Un misterio de presencia, de perdón y de resurrección

Palabra entre nosotros
Luigi Giussani

Tertium Millennium, n° 5, noviembre 1997 (revista del Comité Central del Gran Jubileo del año 2000)

El sentido de la vida y su verdad, el porqué nacemos, el porqué recibimos la carne que constituye nuestro cuerpo, el porqué se desarrollan los pensamientos que nacen en nosotros, aquello que a uno le preocupa; el porqué al día le sigue la noche y a la noche el día, el porqué se suceden los meses y los años; el sentido de todo esto no coincide con lo que podemos imagi-nar o decidir nosotros: es misterioso. Nadie lo sabe, ningún profeta: «ni siquiera el Hijo, sólo el Padre», dice el Santo Evangelio.
El sentido de nuestra vida es misterioso; está “en las manos de Dios”, como decían nuestros mayores. “En las manos de Dios”, como logramos decir en alguna ocasión también nosotros, con menor fuerza y verdad que ellos. Pero el “estar en las manos de Dios" significa ante todo que cualquier cosa que determine nuestra vida, cualquier circunstancia cotidiana que nos toque vivir, cualquier acontecimiento, todo, es para algo positivo, para un bien. No se puede separar la idea de Misterio de Dios de la palabra bien.
Todo está en las manos de Dios, y por tanto todo es para bien. ¿Cuál es el mejor legado que puede dejar un padre a sus hijos cuando se detiene un momento y los mira con la perspectiva de su destino? Que todo es bien.
Y este bien se afirma como sentido total del tiempo, y por lo tanto, de cada acción con la que el hombre tiende a su destino.
Existe un nombre que identifica este bien: identifica su naturaleza y su origen, su posibilidad de entrar en el tiempo, y lo identifica como solución final del drama humano en su dimensión existencia! e histórica. Es el nombre del bien en su esencia original y por tanto última. Este nombre indica una persona humana que entra en la historia de todos los hombres y en la vida del individuo. Este nombre se manifiesta en un momento preciso del tiempo como la sustancia misma del bien, la fuente de todo bien que revela de un modo definitivo en qué consiste el bien: el Bien toca ya el tiempo.

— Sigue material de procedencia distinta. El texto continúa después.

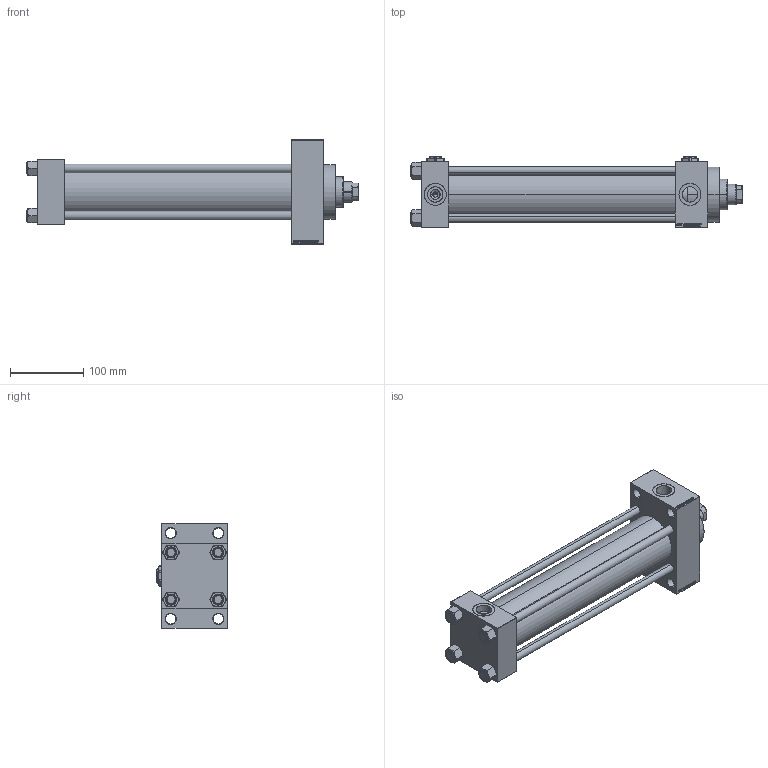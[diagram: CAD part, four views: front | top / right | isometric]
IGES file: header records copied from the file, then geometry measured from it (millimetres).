
Start section: SolidWorks IGES file using analytic representation for surfaces
Global section: file name: 1c30.IGS; native system: SolidWorks 2019; preprocessor: SolidWorks 2019; author: Model3D; date: 240318.131044; units: millimetre
Bounding box: 453 x 97 x 142 mm (x, y, z)
Surface area: 368304.4 mm2 (no closed solid volume)
Topology: 0 solids, 0 shells, 1204 faces, 17336 edges, 17334 vertices
Faces by surface type: bspline 921, revolution 283

«Entonces llegó, en un momento predeterminado, un momento en el tiempo y del tiempo,/ un momento no fuera del tiempo, sino en el tiempo, en lo que llamamos historia: cortando, bisecando el mundo del tiempo.../ Un momento en el tiempo, pero el tiempo se hizo mediante ese momento, pues sin significado no hay tiempo, y ese momento del tiempo dio el significado» (T. S. Eliot, Coros de "La Piedra"). En la historia humana este nombre es Jesús de Nazaret.

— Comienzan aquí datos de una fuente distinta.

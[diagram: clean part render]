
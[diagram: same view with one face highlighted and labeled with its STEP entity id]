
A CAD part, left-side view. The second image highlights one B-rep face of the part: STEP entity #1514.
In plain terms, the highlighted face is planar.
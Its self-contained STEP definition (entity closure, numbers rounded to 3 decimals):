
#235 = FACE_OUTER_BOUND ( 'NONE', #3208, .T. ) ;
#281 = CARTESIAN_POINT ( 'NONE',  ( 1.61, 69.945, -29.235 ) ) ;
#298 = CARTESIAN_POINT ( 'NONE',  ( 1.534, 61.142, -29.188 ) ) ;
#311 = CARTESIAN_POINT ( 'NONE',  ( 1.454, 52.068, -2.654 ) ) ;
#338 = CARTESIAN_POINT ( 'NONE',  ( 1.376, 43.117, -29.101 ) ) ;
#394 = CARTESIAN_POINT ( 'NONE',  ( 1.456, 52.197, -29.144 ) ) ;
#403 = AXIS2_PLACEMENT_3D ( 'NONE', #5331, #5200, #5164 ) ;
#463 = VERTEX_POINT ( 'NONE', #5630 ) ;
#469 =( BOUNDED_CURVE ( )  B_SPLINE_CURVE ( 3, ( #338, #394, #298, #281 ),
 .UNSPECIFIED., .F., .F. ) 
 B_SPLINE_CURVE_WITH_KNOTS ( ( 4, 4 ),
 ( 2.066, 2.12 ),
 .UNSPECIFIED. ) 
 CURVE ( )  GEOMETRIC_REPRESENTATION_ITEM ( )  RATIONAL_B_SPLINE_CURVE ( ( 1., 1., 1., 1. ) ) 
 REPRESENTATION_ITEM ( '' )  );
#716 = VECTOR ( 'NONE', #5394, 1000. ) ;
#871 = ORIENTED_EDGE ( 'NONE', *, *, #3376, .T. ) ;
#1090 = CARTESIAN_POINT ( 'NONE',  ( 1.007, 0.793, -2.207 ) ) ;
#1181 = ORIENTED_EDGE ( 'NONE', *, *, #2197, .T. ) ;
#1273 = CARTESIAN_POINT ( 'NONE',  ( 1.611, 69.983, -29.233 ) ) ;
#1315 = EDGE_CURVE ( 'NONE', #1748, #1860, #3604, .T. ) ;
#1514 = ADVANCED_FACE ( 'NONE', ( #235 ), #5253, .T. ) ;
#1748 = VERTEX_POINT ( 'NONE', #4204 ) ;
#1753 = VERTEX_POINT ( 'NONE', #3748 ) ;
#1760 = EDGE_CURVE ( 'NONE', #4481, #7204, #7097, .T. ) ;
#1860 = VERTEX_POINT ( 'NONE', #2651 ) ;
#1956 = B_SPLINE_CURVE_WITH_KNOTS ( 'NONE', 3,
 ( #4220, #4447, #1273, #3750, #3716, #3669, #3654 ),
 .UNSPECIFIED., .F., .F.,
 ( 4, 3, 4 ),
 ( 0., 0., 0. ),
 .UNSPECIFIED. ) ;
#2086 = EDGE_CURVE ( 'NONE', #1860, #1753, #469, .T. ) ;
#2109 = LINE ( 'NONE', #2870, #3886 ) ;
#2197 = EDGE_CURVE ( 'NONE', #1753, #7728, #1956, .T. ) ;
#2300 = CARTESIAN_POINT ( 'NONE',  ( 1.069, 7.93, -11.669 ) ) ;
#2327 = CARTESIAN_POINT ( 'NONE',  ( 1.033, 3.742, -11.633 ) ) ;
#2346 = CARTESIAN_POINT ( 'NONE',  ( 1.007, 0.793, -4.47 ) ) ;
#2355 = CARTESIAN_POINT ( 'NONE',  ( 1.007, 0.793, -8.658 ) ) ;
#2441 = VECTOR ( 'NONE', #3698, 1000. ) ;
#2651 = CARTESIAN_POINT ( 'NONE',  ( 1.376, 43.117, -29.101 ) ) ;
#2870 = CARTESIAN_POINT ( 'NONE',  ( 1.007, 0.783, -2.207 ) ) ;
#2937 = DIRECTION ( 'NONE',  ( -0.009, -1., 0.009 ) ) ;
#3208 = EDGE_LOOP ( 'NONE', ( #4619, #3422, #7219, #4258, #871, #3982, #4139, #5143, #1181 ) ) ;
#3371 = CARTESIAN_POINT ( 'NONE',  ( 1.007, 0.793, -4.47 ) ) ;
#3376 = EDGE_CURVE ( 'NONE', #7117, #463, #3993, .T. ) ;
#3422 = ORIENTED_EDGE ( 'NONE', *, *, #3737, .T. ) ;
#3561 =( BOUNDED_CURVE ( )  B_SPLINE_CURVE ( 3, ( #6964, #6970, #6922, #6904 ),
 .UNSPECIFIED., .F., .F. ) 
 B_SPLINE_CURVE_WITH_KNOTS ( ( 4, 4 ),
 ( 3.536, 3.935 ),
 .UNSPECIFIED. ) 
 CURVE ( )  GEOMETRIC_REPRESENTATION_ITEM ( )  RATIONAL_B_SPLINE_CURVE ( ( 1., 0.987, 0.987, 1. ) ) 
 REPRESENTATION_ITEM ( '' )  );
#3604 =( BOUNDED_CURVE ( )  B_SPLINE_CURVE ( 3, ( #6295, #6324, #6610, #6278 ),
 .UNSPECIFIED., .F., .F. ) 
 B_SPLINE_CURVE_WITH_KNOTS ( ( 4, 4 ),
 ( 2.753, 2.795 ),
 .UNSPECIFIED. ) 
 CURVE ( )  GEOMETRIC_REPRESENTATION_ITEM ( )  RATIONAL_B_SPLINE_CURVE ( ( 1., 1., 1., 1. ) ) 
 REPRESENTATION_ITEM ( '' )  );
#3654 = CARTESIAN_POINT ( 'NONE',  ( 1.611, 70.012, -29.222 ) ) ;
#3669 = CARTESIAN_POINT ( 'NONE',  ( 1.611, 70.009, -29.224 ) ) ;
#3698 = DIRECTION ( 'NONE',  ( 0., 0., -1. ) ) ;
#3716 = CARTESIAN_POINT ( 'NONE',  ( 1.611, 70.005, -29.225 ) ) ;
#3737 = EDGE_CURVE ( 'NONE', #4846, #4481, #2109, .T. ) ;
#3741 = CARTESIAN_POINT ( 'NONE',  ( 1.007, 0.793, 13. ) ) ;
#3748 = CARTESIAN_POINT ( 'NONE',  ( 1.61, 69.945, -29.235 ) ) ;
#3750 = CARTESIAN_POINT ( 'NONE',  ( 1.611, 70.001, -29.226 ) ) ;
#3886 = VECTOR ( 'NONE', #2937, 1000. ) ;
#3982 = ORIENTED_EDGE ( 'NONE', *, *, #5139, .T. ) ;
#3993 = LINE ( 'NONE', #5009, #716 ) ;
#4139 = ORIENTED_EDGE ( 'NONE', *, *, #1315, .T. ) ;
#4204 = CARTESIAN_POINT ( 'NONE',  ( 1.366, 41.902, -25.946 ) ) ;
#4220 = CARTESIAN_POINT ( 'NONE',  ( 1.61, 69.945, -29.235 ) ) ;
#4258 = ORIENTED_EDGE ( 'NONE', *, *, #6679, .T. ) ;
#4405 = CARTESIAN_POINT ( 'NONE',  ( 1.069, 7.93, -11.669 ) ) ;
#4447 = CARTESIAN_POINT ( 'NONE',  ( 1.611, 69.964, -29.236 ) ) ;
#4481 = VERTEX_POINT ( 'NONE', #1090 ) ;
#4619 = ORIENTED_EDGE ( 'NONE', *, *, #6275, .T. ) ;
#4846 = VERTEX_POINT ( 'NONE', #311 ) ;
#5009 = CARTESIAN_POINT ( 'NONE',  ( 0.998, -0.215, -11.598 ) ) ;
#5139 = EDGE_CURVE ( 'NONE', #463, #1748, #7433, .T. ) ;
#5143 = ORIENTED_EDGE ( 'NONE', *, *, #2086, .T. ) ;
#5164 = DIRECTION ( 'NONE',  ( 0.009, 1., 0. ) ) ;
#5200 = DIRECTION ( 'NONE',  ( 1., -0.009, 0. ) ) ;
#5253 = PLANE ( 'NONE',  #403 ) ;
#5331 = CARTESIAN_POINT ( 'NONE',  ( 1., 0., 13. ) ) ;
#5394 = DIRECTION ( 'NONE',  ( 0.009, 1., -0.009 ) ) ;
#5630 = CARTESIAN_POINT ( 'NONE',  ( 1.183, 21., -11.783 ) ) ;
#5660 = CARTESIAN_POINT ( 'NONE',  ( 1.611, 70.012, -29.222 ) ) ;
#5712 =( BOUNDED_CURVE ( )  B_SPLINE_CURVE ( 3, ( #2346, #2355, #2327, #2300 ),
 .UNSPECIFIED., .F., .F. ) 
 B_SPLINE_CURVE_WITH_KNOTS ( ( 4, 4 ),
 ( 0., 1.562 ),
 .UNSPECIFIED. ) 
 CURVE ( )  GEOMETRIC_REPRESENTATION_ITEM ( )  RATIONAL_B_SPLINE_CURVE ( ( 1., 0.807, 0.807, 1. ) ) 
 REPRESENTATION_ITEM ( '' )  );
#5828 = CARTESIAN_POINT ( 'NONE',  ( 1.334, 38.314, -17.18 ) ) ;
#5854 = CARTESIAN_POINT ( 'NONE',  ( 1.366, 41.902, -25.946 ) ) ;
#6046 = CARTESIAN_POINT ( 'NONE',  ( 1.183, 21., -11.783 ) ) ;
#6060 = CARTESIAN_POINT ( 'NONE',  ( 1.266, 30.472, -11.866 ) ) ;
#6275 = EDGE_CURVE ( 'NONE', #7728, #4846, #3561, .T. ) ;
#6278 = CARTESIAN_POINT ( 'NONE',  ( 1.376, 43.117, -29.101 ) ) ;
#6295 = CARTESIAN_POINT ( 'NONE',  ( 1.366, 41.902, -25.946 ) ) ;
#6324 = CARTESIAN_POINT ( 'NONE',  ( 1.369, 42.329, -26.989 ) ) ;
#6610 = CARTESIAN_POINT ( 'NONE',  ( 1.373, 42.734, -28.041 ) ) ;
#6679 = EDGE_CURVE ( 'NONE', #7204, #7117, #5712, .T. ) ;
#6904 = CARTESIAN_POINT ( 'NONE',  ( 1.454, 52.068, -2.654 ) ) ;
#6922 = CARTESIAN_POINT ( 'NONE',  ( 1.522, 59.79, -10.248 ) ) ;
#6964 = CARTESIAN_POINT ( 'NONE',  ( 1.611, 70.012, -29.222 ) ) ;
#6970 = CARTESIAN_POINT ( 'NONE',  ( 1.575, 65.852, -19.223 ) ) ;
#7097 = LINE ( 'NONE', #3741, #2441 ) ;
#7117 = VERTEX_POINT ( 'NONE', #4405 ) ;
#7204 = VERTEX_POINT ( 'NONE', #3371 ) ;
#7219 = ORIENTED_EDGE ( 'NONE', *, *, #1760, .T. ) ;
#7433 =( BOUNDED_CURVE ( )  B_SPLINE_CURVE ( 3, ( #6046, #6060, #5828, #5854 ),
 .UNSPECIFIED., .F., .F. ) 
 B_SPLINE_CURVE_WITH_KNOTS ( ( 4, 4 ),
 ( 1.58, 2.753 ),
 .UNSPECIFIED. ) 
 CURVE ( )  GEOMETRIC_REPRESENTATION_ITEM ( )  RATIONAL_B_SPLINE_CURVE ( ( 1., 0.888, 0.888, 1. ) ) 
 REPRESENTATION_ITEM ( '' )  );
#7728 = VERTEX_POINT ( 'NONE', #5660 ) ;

Cristo es un hombre que, al identificarse con el Misterio, lo revela, lo comunica, da a conocer al hombre el Misterio mismo que origina las cosas, del que todo está hecho y al que todo está destinado. El Misterio que hace todas las cosas se identifica con Jesucristo. Y ya que éste es el nombre de uno entre nosotros, quien le reconoce y le sigue, como hicieron Juan y Andrés (cfr. Jn 1, 35ss), ve sorprendido cómo cambia su mirada hacia los demás, hacia las cosas, cómo cambia el sentimiento del tiempo que corre entre nuestras manos y el aprecio por el fruto de nuestro trabajo. ¡Cómo se difumina en nuestros pensamientos, en nuestra vida diaria este “Tú”, que es más profundamente verdadero que el tú que diriges a tu hijo, a tu mujer y a tu marido, del tú que nos dirigimos unos a otros! ¡Ojalá el significado (la verdad) del mundo y de la vida lo sacuda todo, exceda totalmente, desborde por completo nuestras formas de pensar, de medir, de exigir, de tener pretensiones, y coincida con el Misterio de felicidad y de bien que lleva un nombre porque se encamó, se hizo uno de nosotros y permanece entre nosotros!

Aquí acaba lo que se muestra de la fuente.